» **Stored items**
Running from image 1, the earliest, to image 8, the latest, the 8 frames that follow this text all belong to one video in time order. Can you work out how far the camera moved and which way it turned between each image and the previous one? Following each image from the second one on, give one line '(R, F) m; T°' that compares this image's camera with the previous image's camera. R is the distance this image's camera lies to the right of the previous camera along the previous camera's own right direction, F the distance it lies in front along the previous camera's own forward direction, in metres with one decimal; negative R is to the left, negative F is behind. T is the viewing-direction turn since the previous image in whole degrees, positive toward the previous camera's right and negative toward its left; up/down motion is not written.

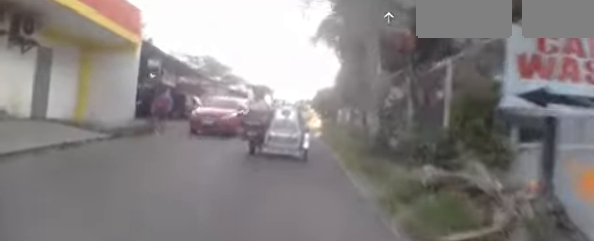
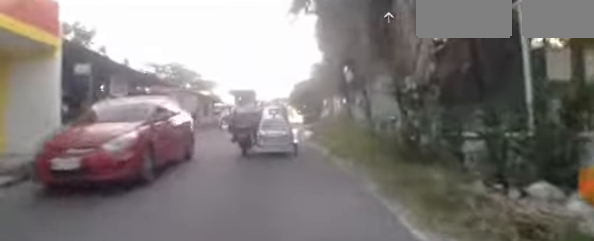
(-0.1, +4.0) m; +1°
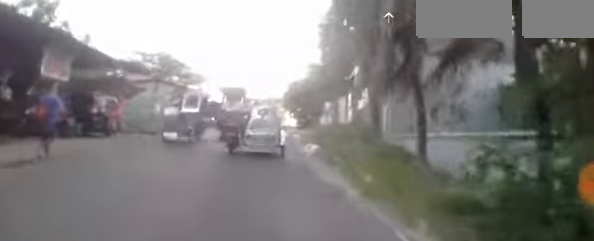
(+0.1, +4.4) m; +1°
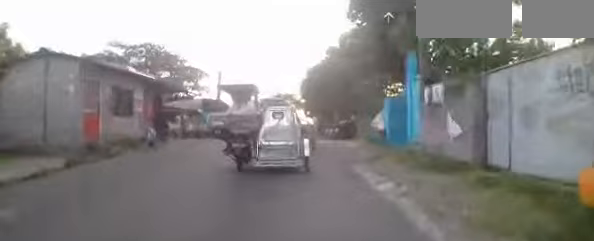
(-0.9, +10.0) m; -5°
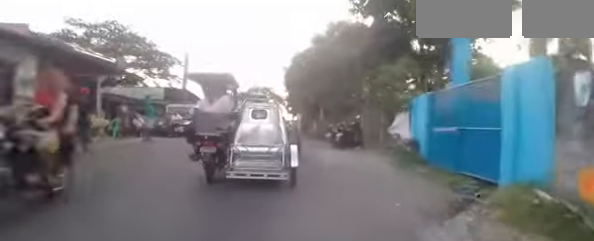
(+0.3, +3.7) m; +4°
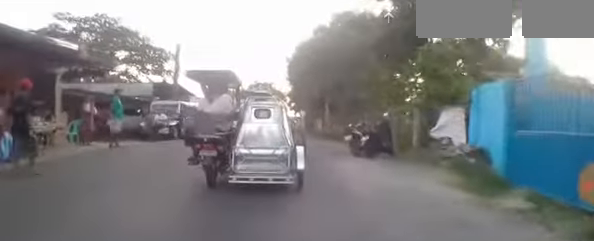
(0.0, +2.3) m; +2°
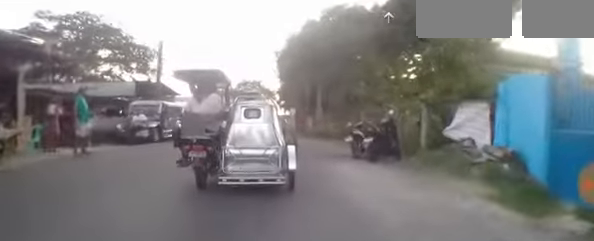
(0.0, +1.1) m; +3°
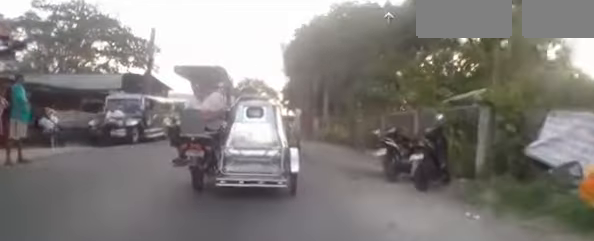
(+0.1, +2.1) m; +3°
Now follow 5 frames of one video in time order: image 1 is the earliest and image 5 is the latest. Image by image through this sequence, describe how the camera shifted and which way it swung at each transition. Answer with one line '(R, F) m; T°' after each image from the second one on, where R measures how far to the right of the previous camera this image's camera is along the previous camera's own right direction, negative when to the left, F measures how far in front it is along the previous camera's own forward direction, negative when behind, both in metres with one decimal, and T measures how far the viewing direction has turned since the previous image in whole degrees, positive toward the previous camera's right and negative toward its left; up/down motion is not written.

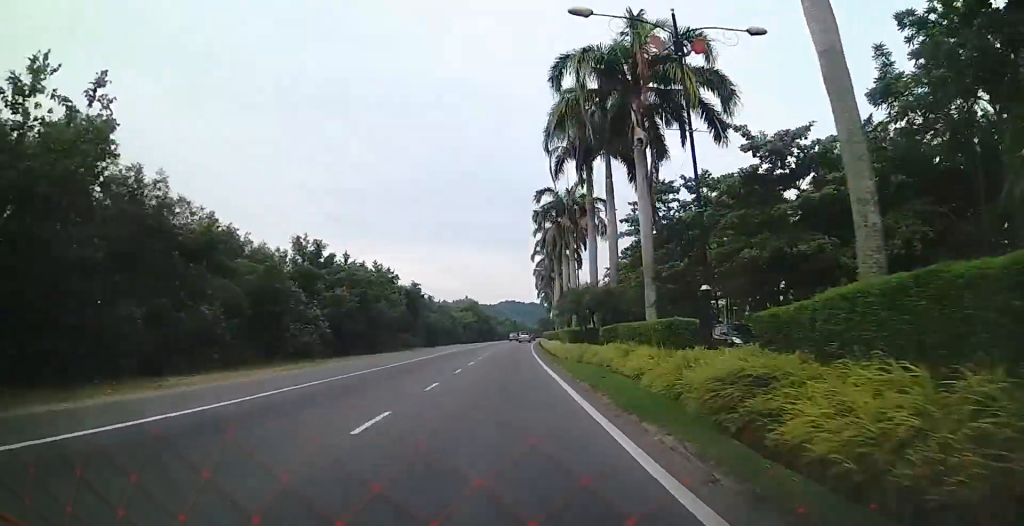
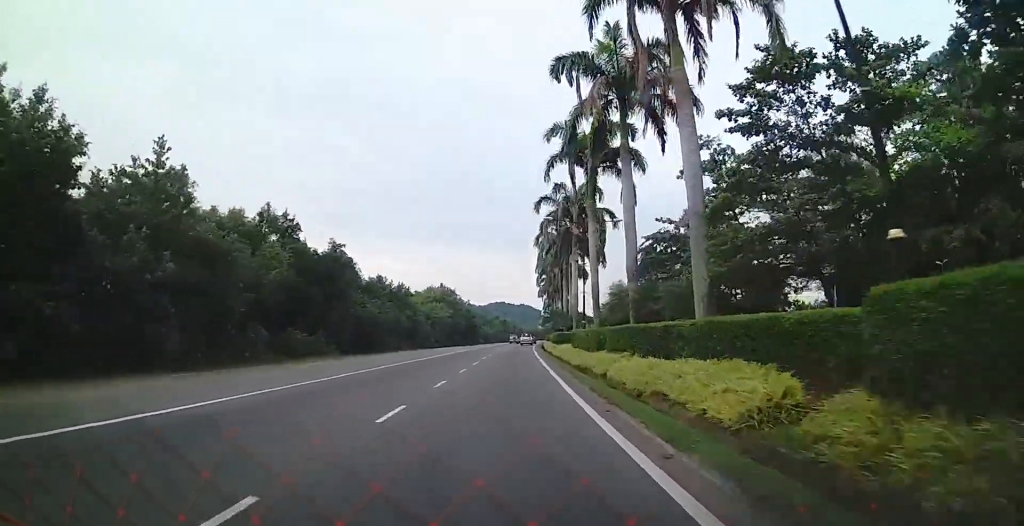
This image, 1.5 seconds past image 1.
(+0.6, +35.8) m; +1°
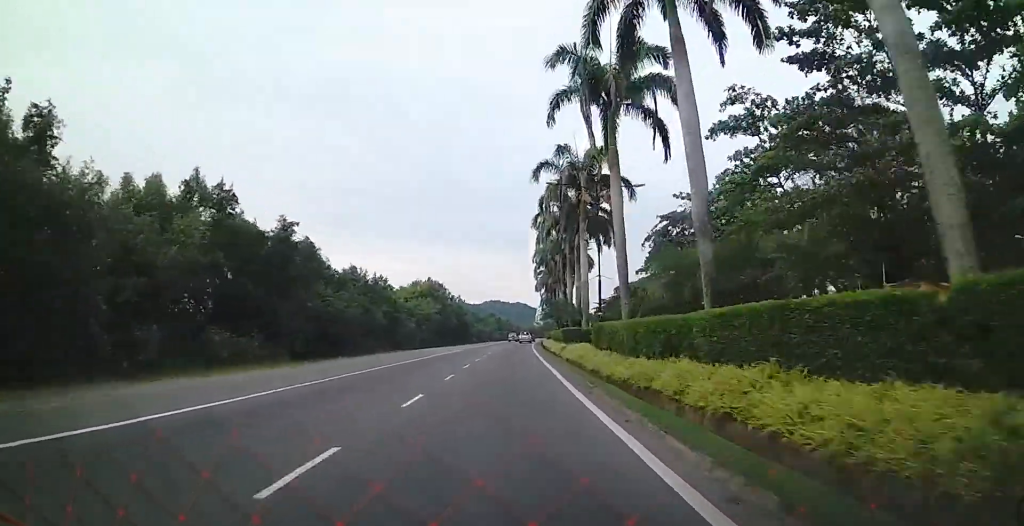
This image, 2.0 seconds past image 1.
(-0.2, +10.1) m; 0°
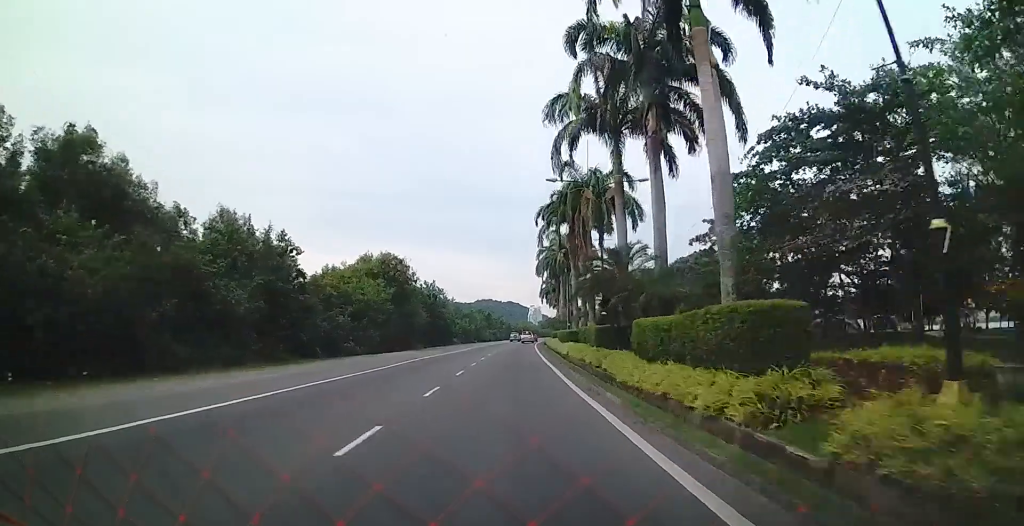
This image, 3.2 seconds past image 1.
(+0.2, +28.6) m; +1°
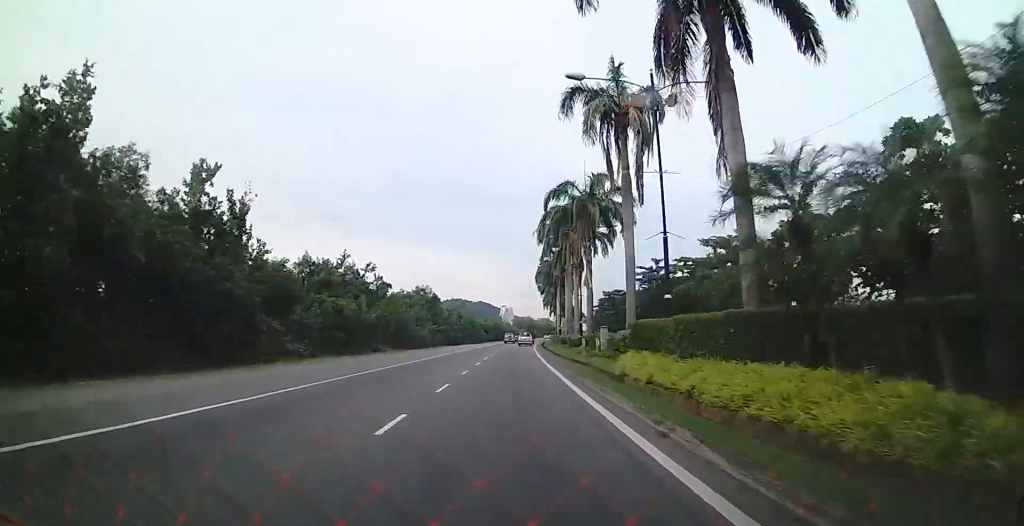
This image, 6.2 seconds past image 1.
(+1.2, +70.4) m; +3°
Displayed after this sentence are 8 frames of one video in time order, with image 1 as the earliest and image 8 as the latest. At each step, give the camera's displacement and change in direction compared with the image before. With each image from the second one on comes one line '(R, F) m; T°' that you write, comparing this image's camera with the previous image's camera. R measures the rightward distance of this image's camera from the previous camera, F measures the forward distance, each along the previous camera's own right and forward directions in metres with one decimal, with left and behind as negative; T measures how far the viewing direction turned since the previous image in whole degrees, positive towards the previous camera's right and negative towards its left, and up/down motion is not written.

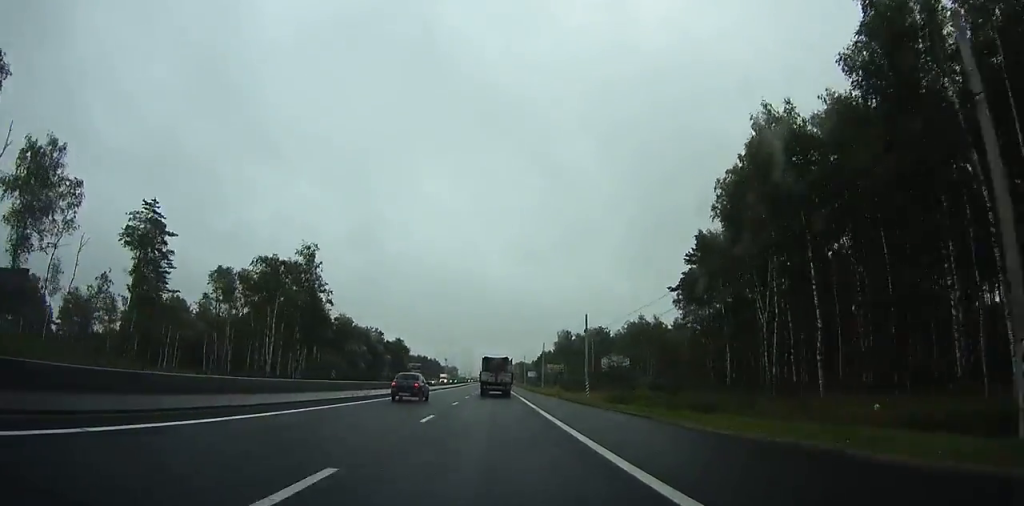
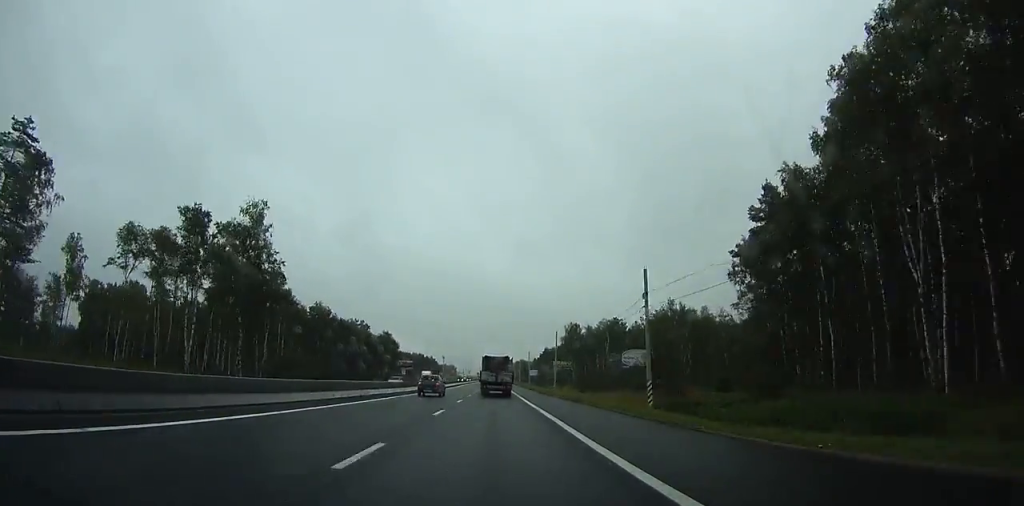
(0.0, +20.9) m; 0°
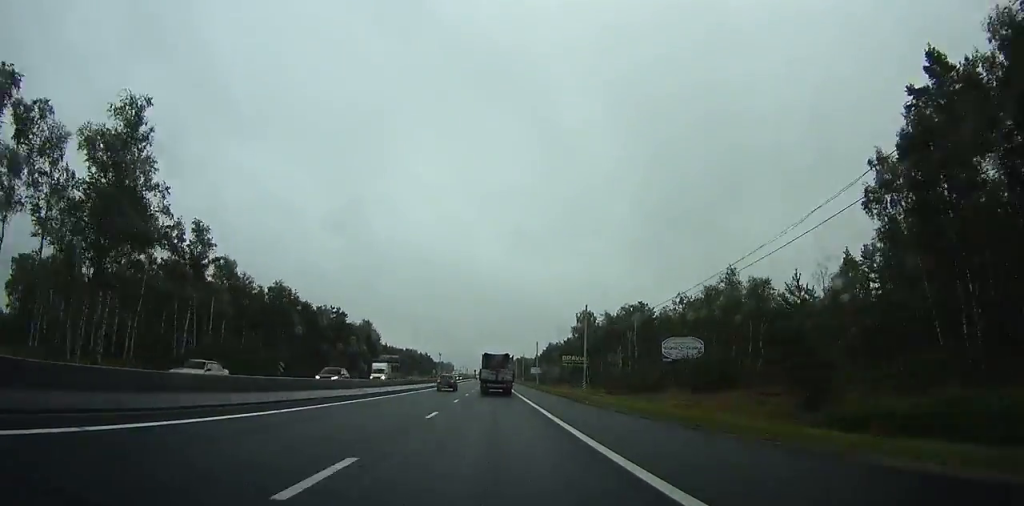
(0.0, +26.1) m; 0°
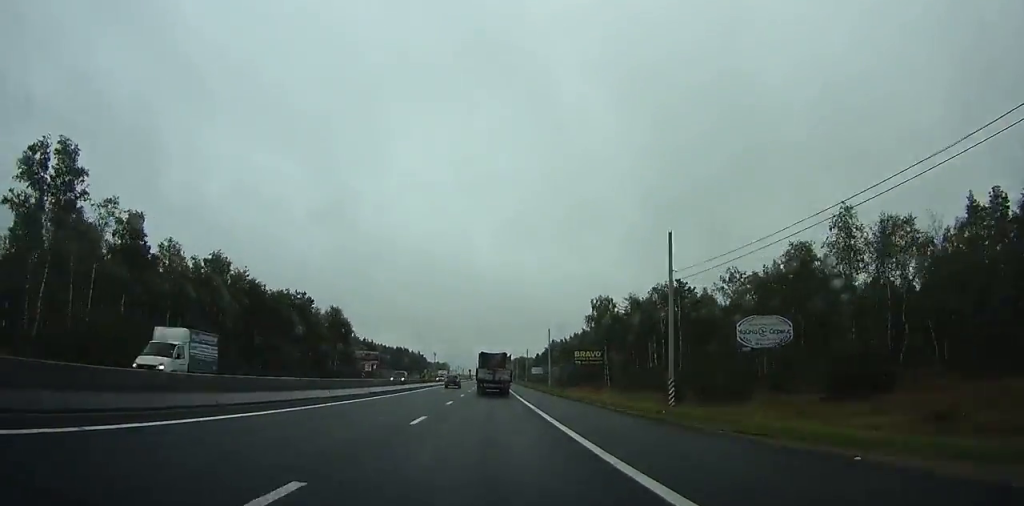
(0.0, +26.0) m; 0°
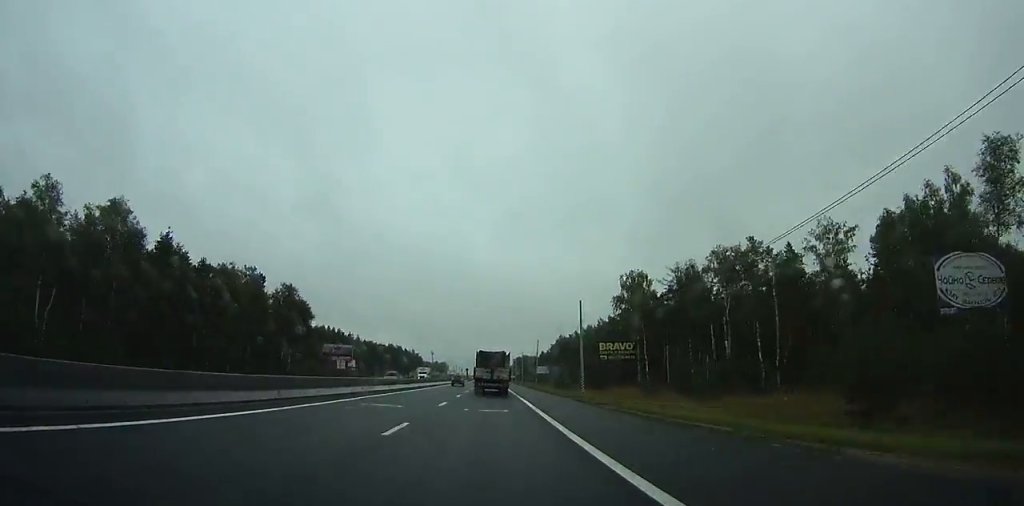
(0.0, +27.0) m; 0°
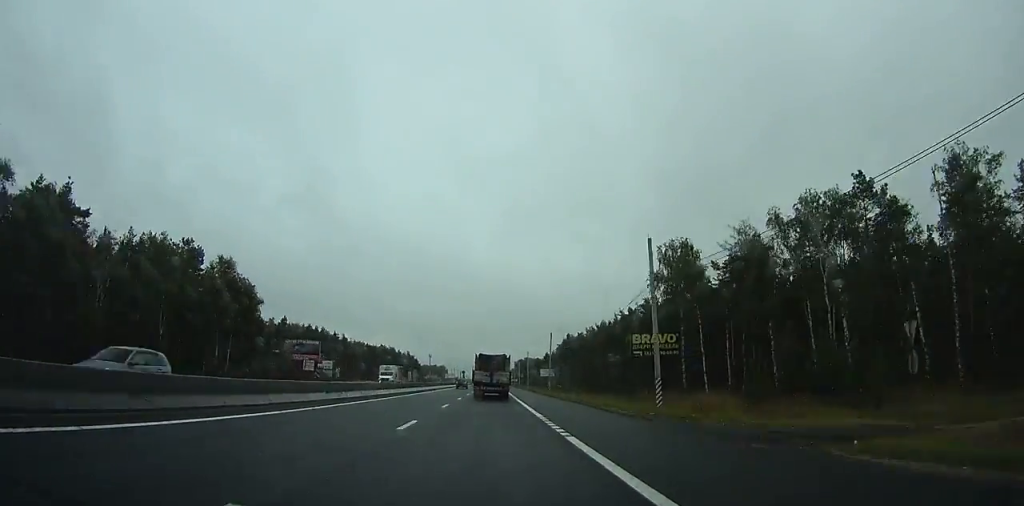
(0.0, +21.7) m; 0°
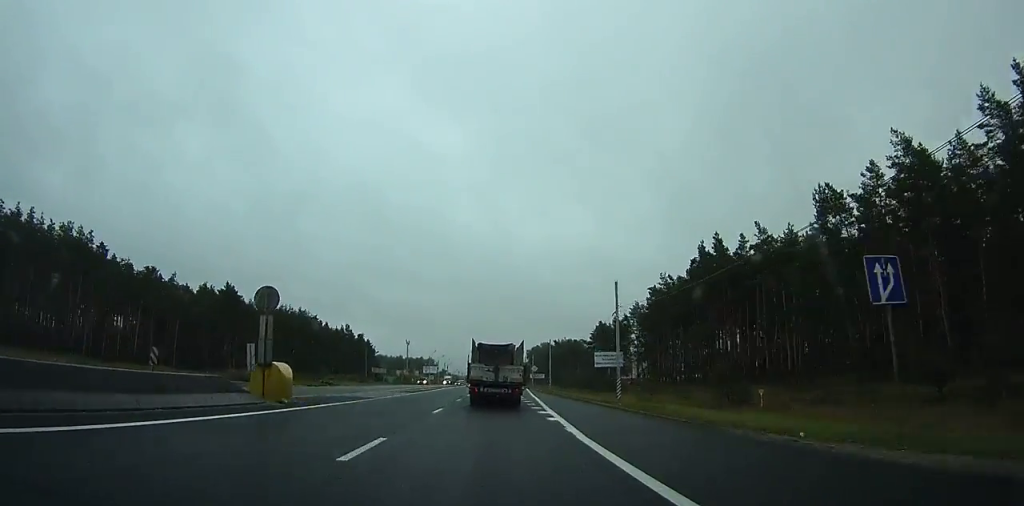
(-0.1, +126.0) m; 0°
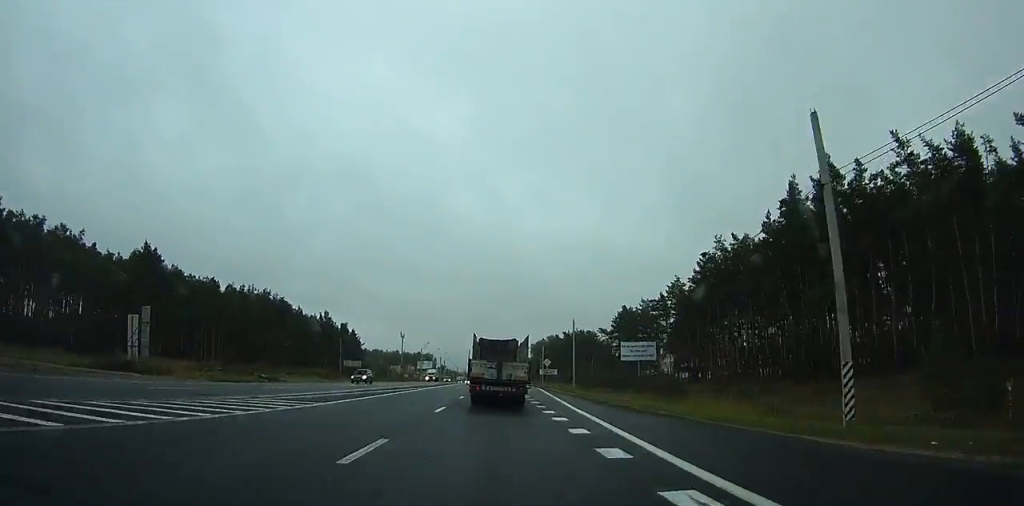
(0.0, +25.4) m; 0°

» **What you need to do**
Exact copies of the lines from the one containing "This image, 3.2 seconds past image 1." through the final line of the data are required; pictures are to be omitted.

» **Solution to the exercise**
This image, 3.2 seconds past image 1.
(+0.2, +28.6) m; +1°
This image, 6.2 seconds past image 1.
(+1.2, +70.4) m; +3°
Displayed after this sentence are 8 frames of one video in time order, with image 1 as the earliest and image 8 as the latest. At each step, give the camera's displacement and change in direction compared with the image before. With each image from the second one on comes one line '(R, F) m; T°' that you write, comparing this image's camera with the previous image's camera. R measures the rightward distance of this image's camera from the previous camera, F measures the forward distance, each along the previous camera's own right and forward directions in metres with one decimal, with left and behind as negative; T measures how far the viewing direction turned since the previous image in whole degrees, positive towards the previous camera's right and negative towards its left, and up/down motion is not written.

(0.0, +20.9) m; 0°
(0.0, +26.1) m; 0°
(0.0, +26.0) m; 0°
(0.0, +27.0) m; 0°
(0.0, +21.7) m; 0°
(-0.1, +126.0) m; 0°
(0.0, +25.4) m; 0°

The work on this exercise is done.